▶ _Activity_
Go line by line through the entries below and copy those containing the string "like".

Dataset records
------------------------------------------------

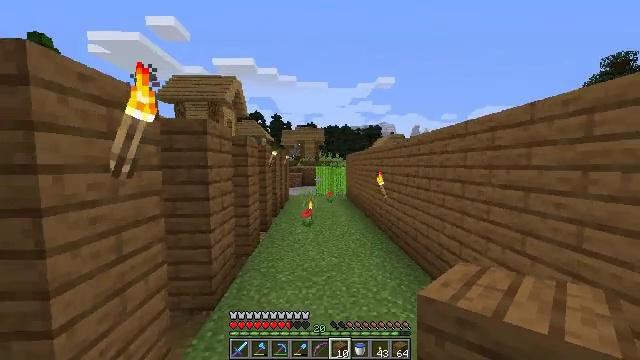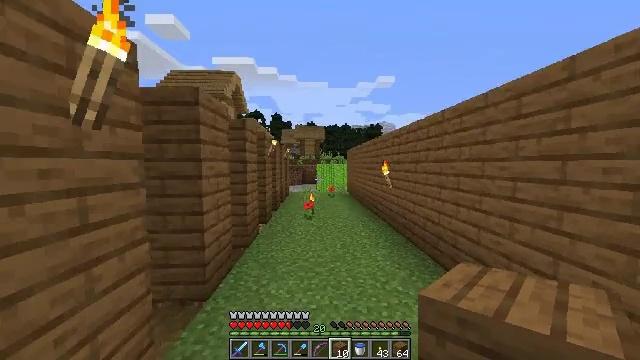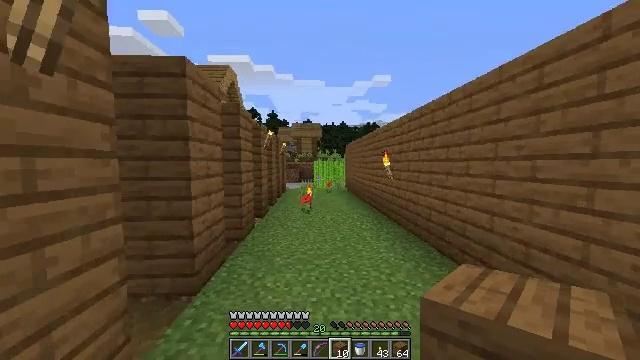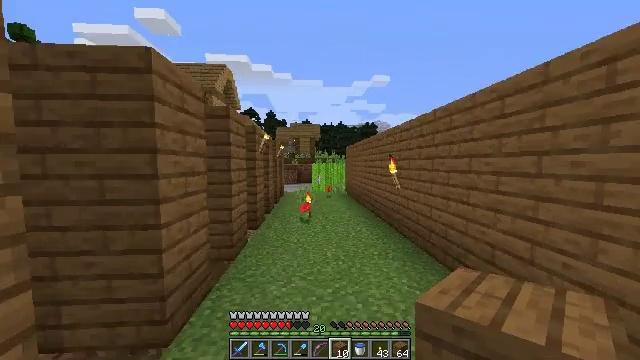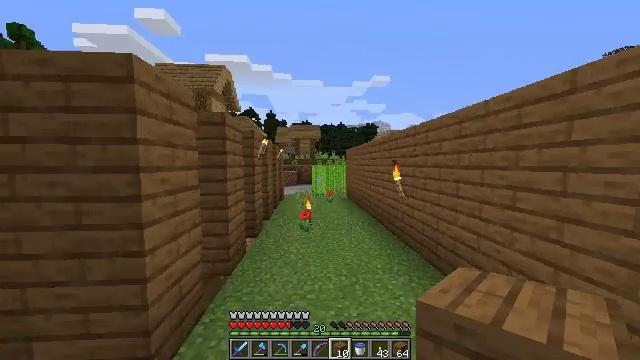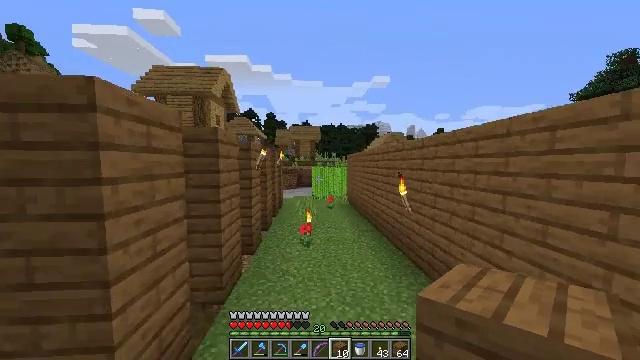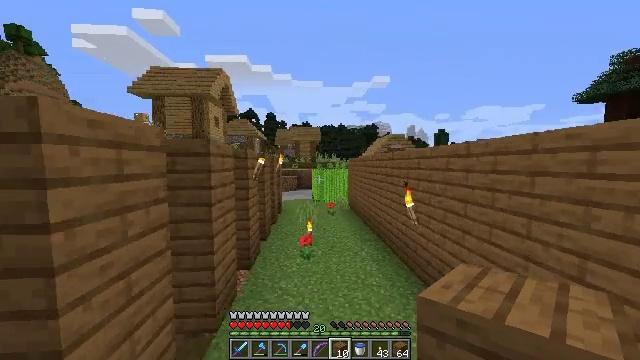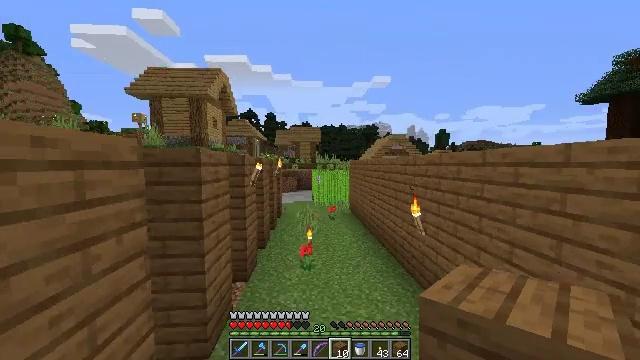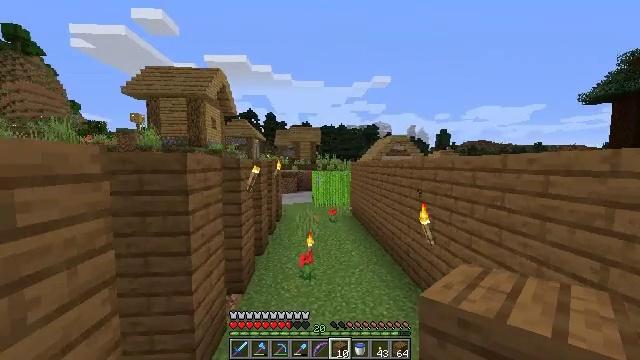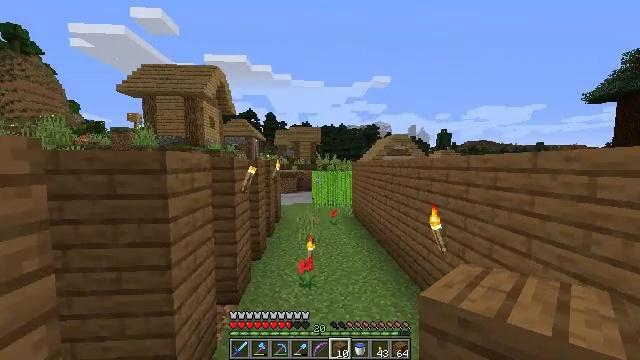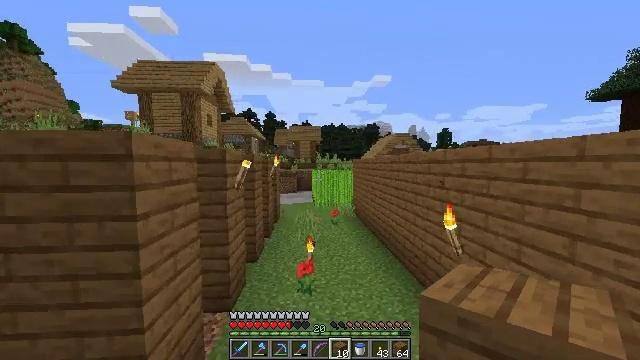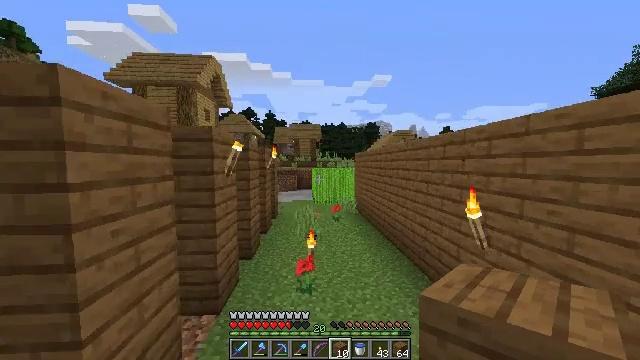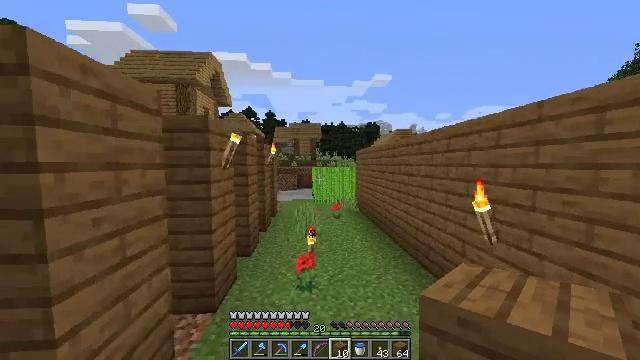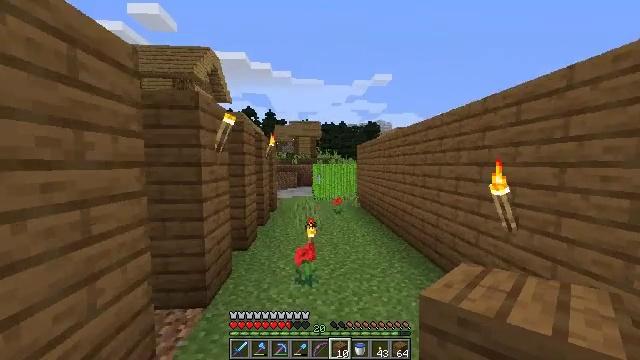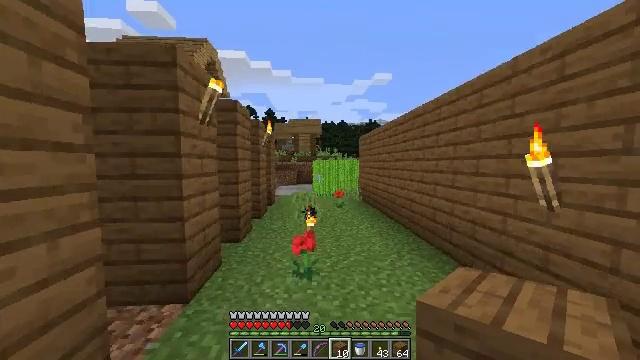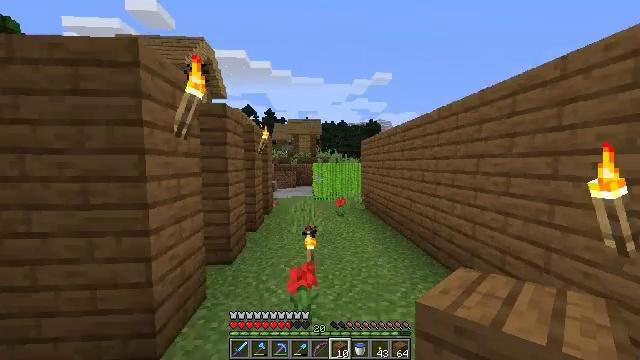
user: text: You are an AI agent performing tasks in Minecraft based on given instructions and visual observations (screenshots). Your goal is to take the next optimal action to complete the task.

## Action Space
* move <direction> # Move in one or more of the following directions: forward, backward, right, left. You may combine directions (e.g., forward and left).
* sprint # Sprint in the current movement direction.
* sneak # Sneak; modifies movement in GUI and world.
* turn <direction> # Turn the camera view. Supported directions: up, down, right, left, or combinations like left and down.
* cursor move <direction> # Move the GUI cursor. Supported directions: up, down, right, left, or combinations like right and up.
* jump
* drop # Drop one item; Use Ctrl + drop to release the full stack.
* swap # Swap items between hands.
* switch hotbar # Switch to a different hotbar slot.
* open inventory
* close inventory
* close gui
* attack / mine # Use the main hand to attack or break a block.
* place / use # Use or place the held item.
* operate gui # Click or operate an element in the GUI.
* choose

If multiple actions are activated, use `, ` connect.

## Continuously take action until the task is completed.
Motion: motion action
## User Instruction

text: Obtain a spruce trapdoor by crafting with spruce planks.
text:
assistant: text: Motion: move forward, sprint, jump
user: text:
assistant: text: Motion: move forward, sprint, jump
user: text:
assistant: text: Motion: move forward, sprint, jump
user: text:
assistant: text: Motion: move forward, sprint, jump
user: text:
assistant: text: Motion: move forward, sprint, jump
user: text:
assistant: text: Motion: move forward, sprint, jump
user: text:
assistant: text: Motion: move forward, sprint, jump
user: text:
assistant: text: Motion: move forward, sprint, jump
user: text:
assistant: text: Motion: move forward, sprint, jump
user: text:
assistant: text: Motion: move forward, sprint, jump
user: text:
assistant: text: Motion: move forward, sprint, jump
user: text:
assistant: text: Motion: move forward, sprint, jump
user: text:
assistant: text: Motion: move forward, sprint, jump
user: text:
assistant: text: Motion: move forward, sprint, jump
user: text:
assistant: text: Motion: move forward, sprint, jump
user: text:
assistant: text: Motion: move forward, sprint, jump
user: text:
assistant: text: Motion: move forward, sprint, turn right and down, jump
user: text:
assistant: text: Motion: move forward, sprint, jump
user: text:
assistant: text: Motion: move forward, sprint, turn right, jump
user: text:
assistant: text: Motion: move forward, sprint, jump
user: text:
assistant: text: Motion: move forward, sprint, jump
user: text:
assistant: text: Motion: move forward, sprint, jump
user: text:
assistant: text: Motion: move forward, sprint, jump
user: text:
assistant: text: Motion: move forward, sprint, jump
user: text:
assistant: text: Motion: move forward, sprint, jump
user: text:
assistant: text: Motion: move forward, sprint, turn left and down, jump
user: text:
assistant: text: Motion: move forward, sprint, turn right and up, jump
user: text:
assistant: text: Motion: move forward, sprint, jump
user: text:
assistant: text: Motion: move forward, sprint, turn right and up, jump
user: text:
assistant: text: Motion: move forward, sprint, turn right and up, jump
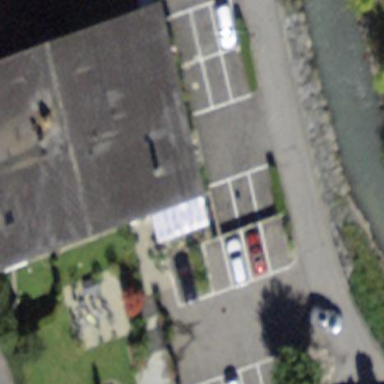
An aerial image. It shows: Hotel building.

------------------------------------------------

▶ _Task output_
* turn <direction> # Turn the camera view. Supported directions: up, down, right, left, or combinations like left and down.
* cursor move <direction> # Move the GUI cursor. Supported directions: up, down, right, left, or combinations like right and up.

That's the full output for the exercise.